DATA FOR THIS TASK section start

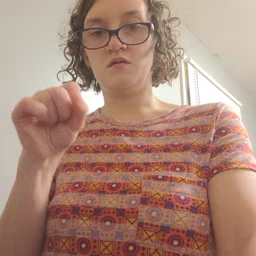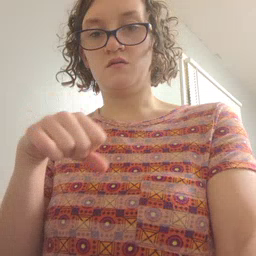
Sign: yes
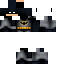
A male human skin with dark skin, wearing brown helmet dressed in a black suit and black pants, featuring a closed mouth.
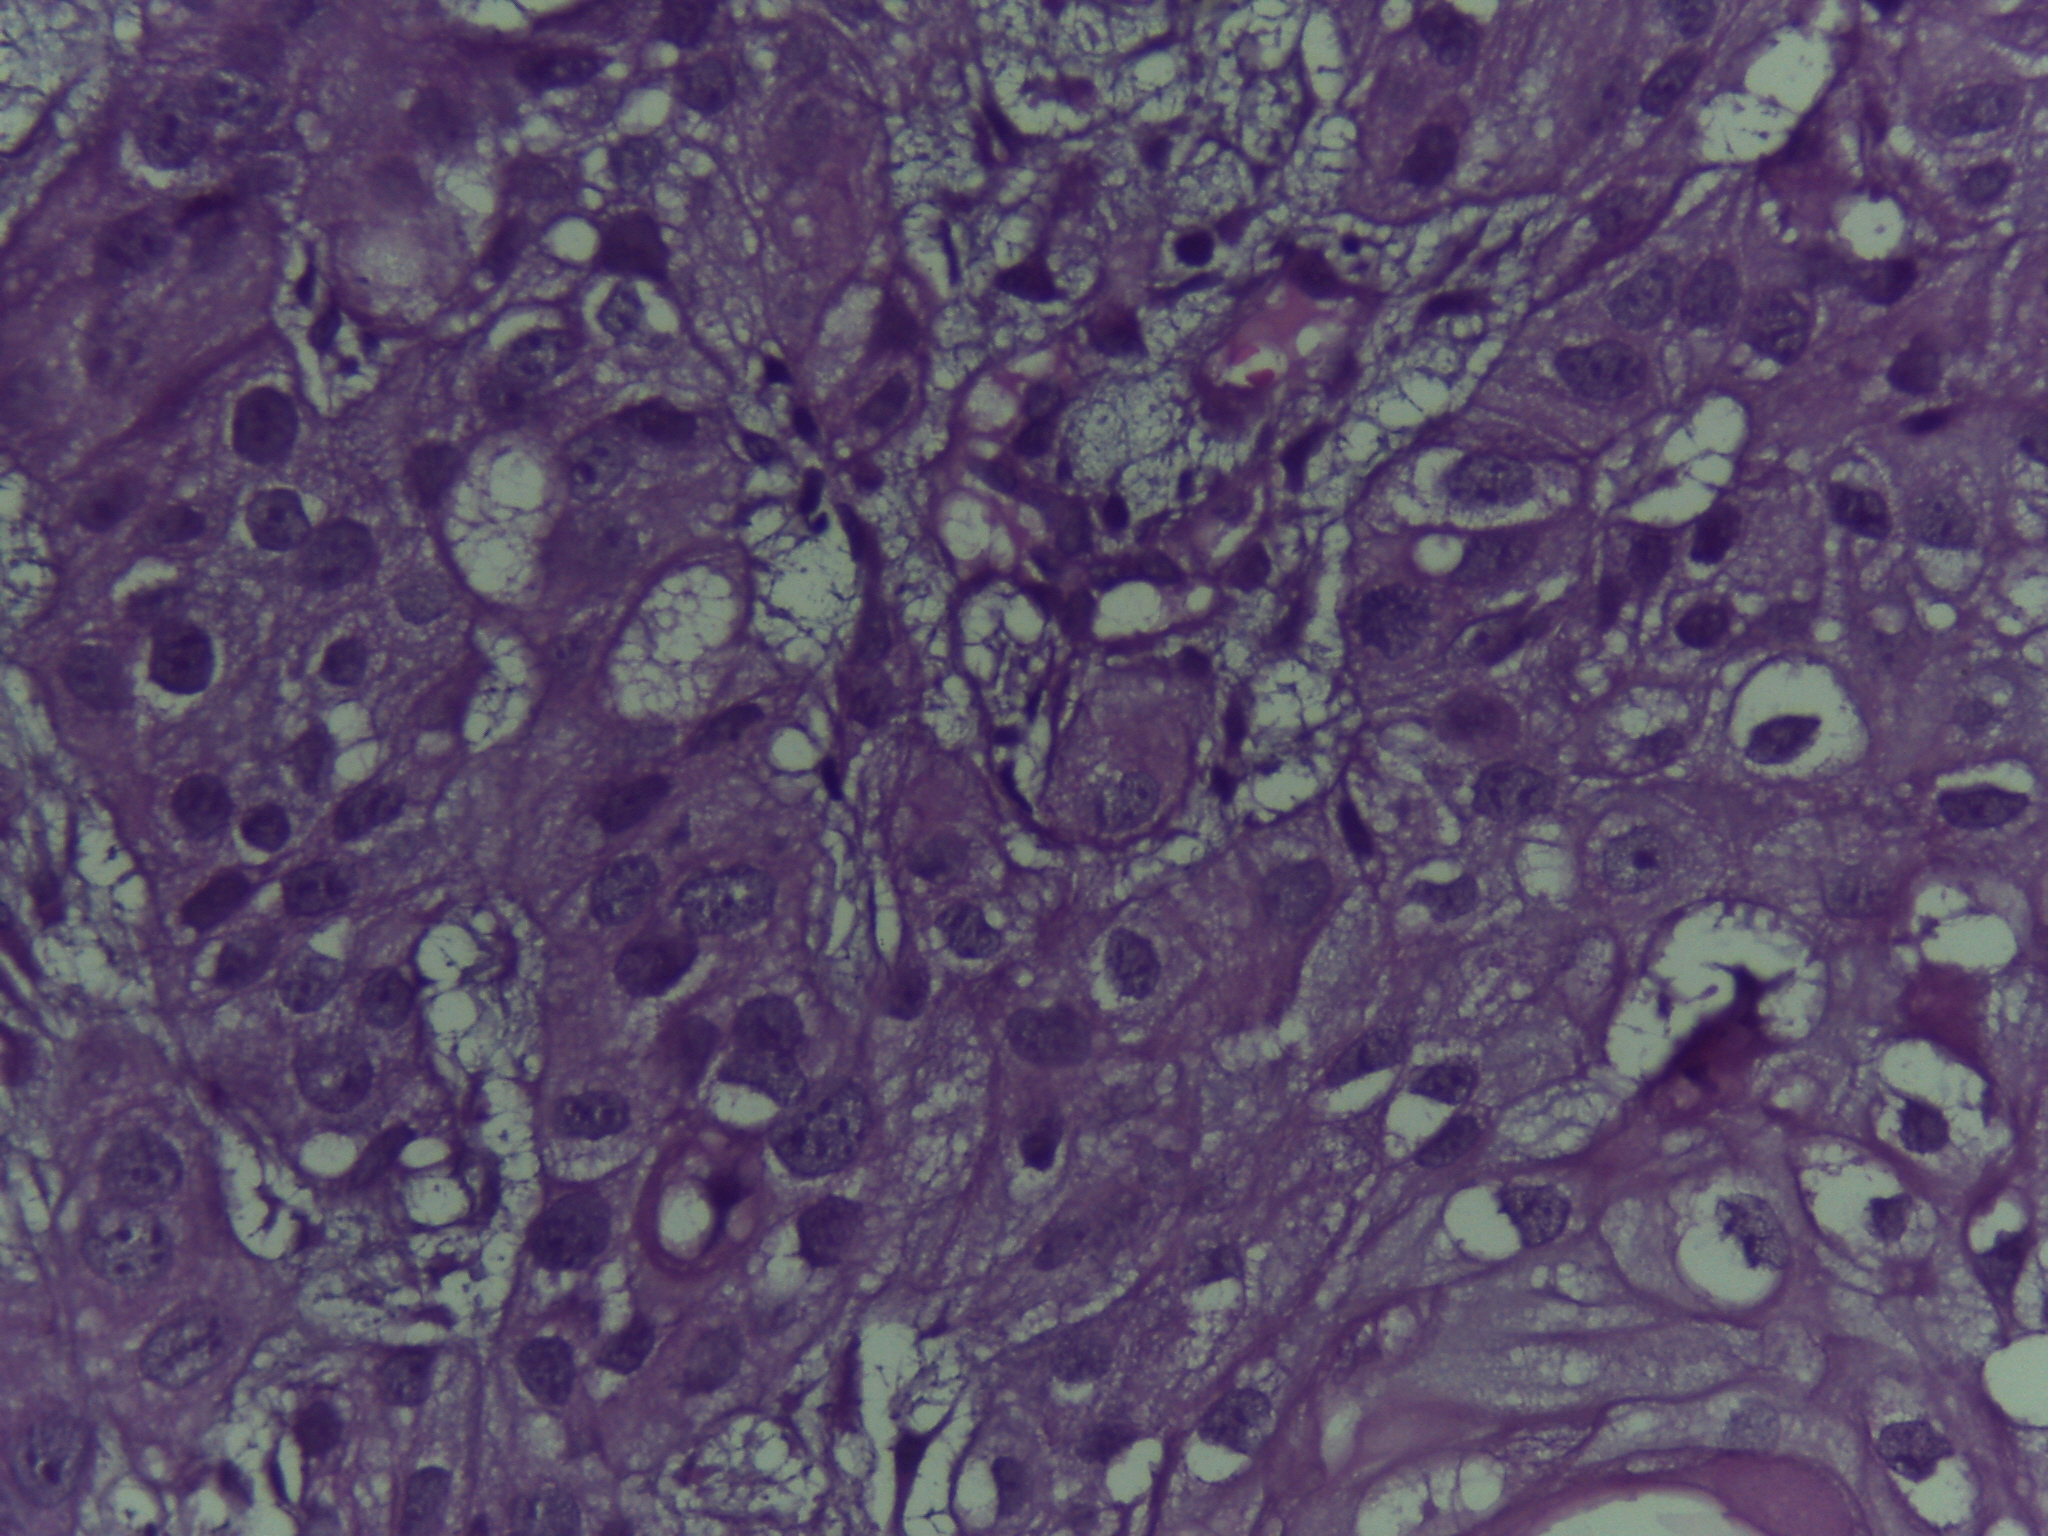
Diagnosis: OSCC
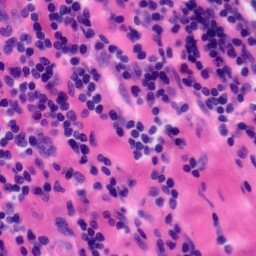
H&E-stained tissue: Tonsil
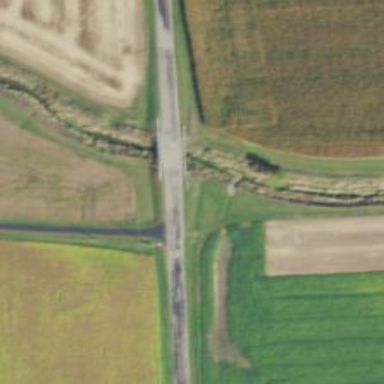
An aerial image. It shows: Unclassified road with beam bridge.
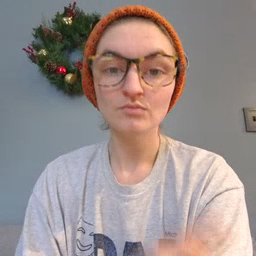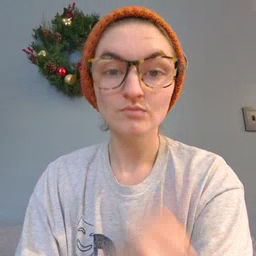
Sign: for
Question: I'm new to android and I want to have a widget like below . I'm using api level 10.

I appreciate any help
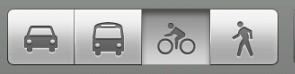
Answer: Just Go With TabActivity see the tutorial <URL>
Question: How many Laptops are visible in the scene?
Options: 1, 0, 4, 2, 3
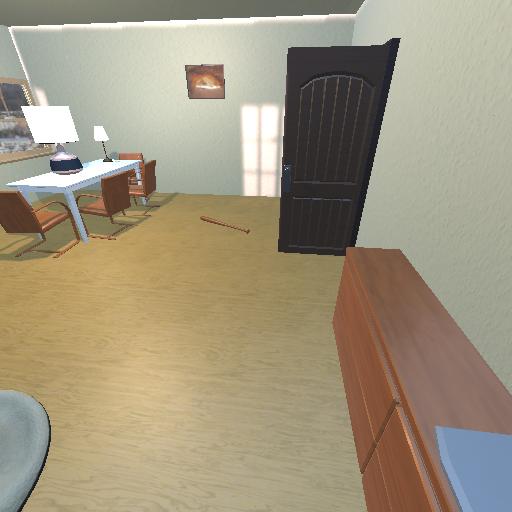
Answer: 1
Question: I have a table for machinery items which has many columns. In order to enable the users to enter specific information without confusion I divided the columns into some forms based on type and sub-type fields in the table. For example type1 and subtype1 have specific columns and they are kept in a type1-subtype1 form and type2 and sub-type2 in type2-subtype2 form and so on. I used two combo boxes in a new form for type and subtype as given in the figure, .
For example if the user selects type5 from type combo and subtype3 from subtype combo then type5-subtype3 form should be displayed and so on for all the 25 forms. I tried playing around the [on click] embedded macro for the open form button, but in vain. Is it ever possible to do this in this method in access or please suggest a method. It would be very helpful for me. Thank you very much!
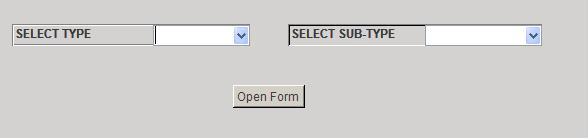
Answer: changed combo box property from to
Sometimes are limited and won't let you set a property as a string. Looks like this might be one of those cases. If so, you can always use Visual Basic ("Code Builder") instead of an embedded macro. Inside the Click handler, something like this:
'''
Dim formName As String
formName = type.Value & "-" & subtype.Value
DoCmd.OpenForm formName
'''
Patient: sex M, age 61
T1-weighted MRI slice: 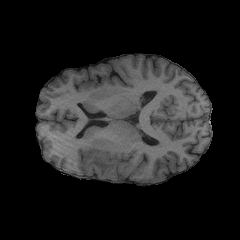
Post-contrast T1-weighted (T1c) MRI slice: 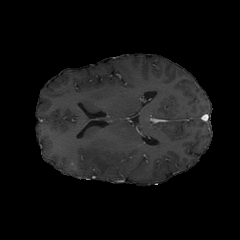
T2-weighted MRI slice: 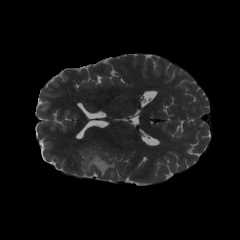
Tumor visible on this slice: yes
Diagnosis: Glioblastoma, IDH-wildtype
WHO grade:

DATA FOR THIS TASK section end

Please repeat the data above exactly as it appears, pictures excluded.

Sign: yes
A male human skin with dark skin, wearing brown helmet dressed in a black suit and black pants, featuring a closed mouth.
Diagnosis: OSCC
H&E-stained tissue: Tonsil
An aerial image. It shows: Unclassified road with beam bridge.
Sign: for
Question: I'm new to android and I want to have a widget like below . I'm using api level 10.

I appreciate any help
Answer: Just Go With TabActivity see the tutorial <URL>
Question: How many Laptops are visible in the scene?
Options: 1, 0, 4, 2, 3
Answer: 1
Question: I have a table for machinery items which has many columns. In order to enable the users to enter specific information without confusion I divided the columns into some forms based on type and sub-type fields in the table. For example type1 and subtype1 have specific columns and they are kept in a type1-subtype1 form and type2 and sub-type2 in type2-subtype2 form and so on. I used two combo boxes in a new form for type and subtype as given in the figure, .
For example if the user selects type5 from type combo and subtype3 from subtype combo then type5-subtype3 form should be displayed and so on for all the 25 forms. I tried playing around the [on click] embedded macro for the open form button, but in vain. Is it ever possible to do this in this method in access or please suggest a method. It would be very helpful for me. Thank you very much!
Answer: changed combo box property from to
Sometimes are limited and won't let you set a property as a string. Looks like this might be one of those cases. If so, you can always use Visual Basic ("Code Builder") instead of an embedded macro. Inside the Click handler, something like this:
'''
Dim formName As String
formName = type.Value & "-" & subtype.Value
DoCmd.OpenForm formName
'''
Patient: sex M, age 61
T1-weighted MRI slice: 
Post-contrast T1-weighted (T1c) MRI slice: 
T2-weighted MRI slice: 
Tumor visible on this slice: yes
Diagnosis: Glioblastoma, IDH-wildtype
WHO grade:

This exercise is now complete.